Because LKL runs in-process, the entire kernel lives in the same address space as the supervisor. Students can set GDB breakpoints on kernel functions, read live procfs data, and trace syscall paths end-to-end -- from seccomp notification through VFS traversal down to the ext4 block layer.

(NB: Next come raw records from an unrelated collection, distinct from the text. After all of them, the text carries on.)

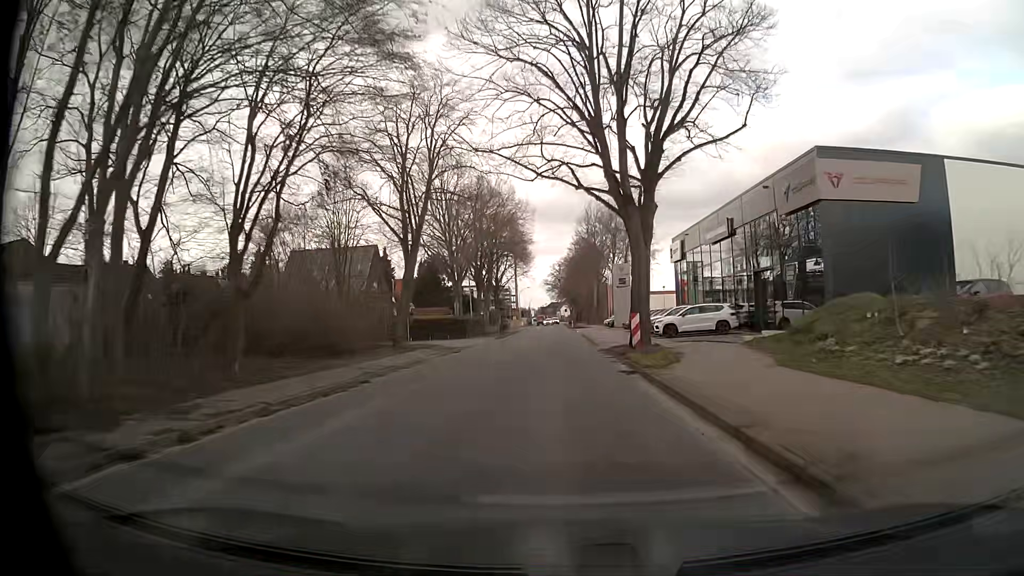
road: unclassified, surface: asphalt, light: Day
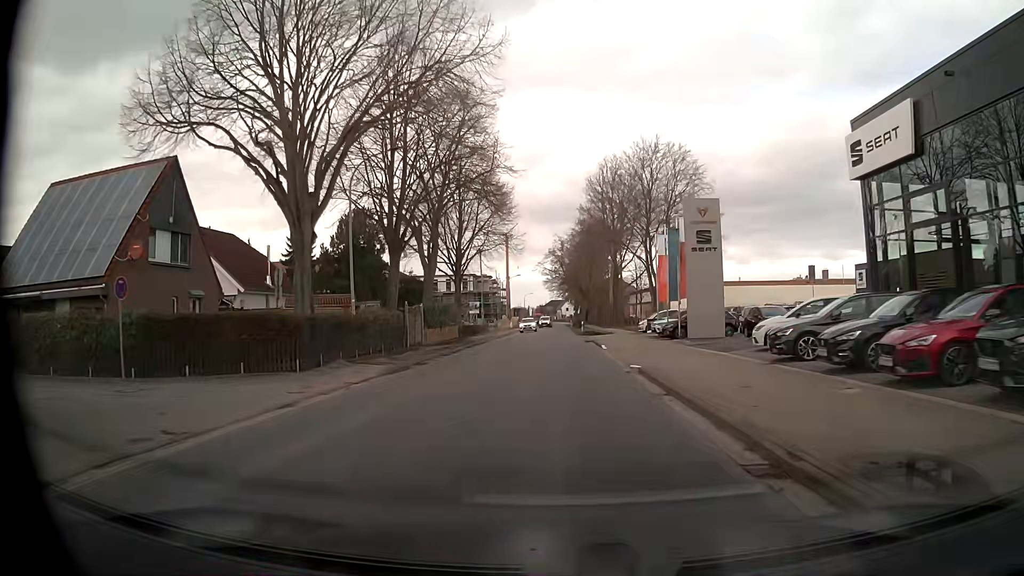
(-0.4, +36.1) m; 0°
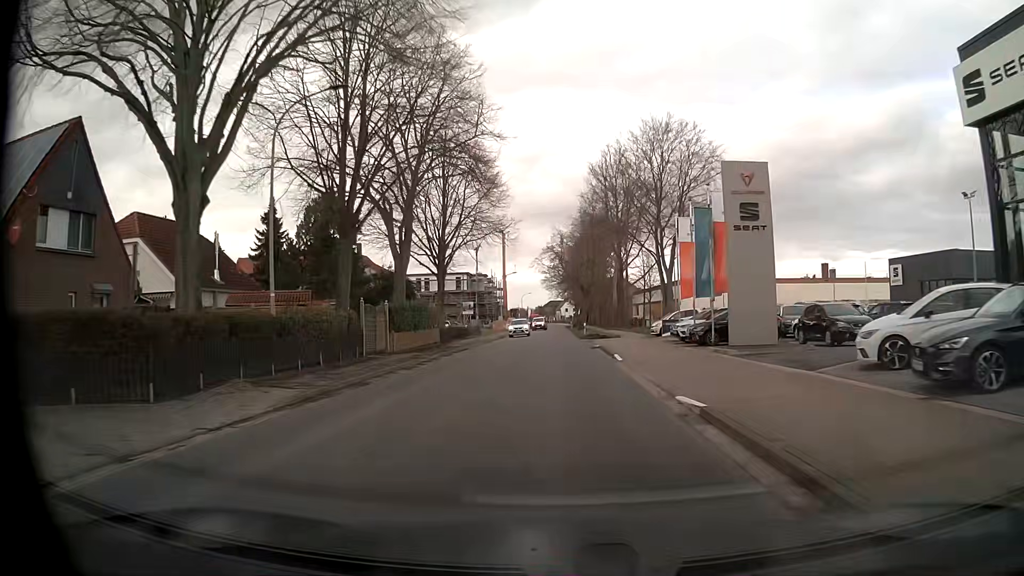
(0.0, +7.4) m; 0°
(0, +10) (0, +20) (0, +30) (0, +40) (0, +50) (0, +60) (0, +70) (0, +80) (0, +90) (0, +100) m

# Load kbox and LKL GDB helpers
source scripts/gdb/kbox-gdb.py
# Break when a specific syscall enters dispatch
kbox-break-syscall openat
# Print the virtual FD table (LKL FD -> host FD mapping)
kbox-fdtable
# Trace path translation: lexical normalization + virtual/host routing
kbox-vfs-path /proc/../etc/passwd
# Walk LKL task list (kernel threads, idle task)
kbox-task-walk
# Inspect LKL memory state (buddy allocator, slab caches)
kbox-mem-check
# Coordinated breakpoints across seccomp dispatch and LKL kernel entry
kbox-syscall-traceThe GDB helpers and the web observatory read the same kernel state through different mechanisms. GDB helpers use DWARF debug info to resolve struct offsets at runtime (gdb.parse_and_eval). The web telemetry reads /proc files via kbox_lkl_read, which is stable across kernel versions and requires no debug info. They are complementary: the web UI shows what is happening at a high level; GDB shows why at the instruction level.
See docs/gdb-workflow.md for the full workflow.
- x86_64
- aarch64
kbox is available under a permissive MIT-style license.
Use of this source code is governed by a MIT license that can be found in the LICENSE file.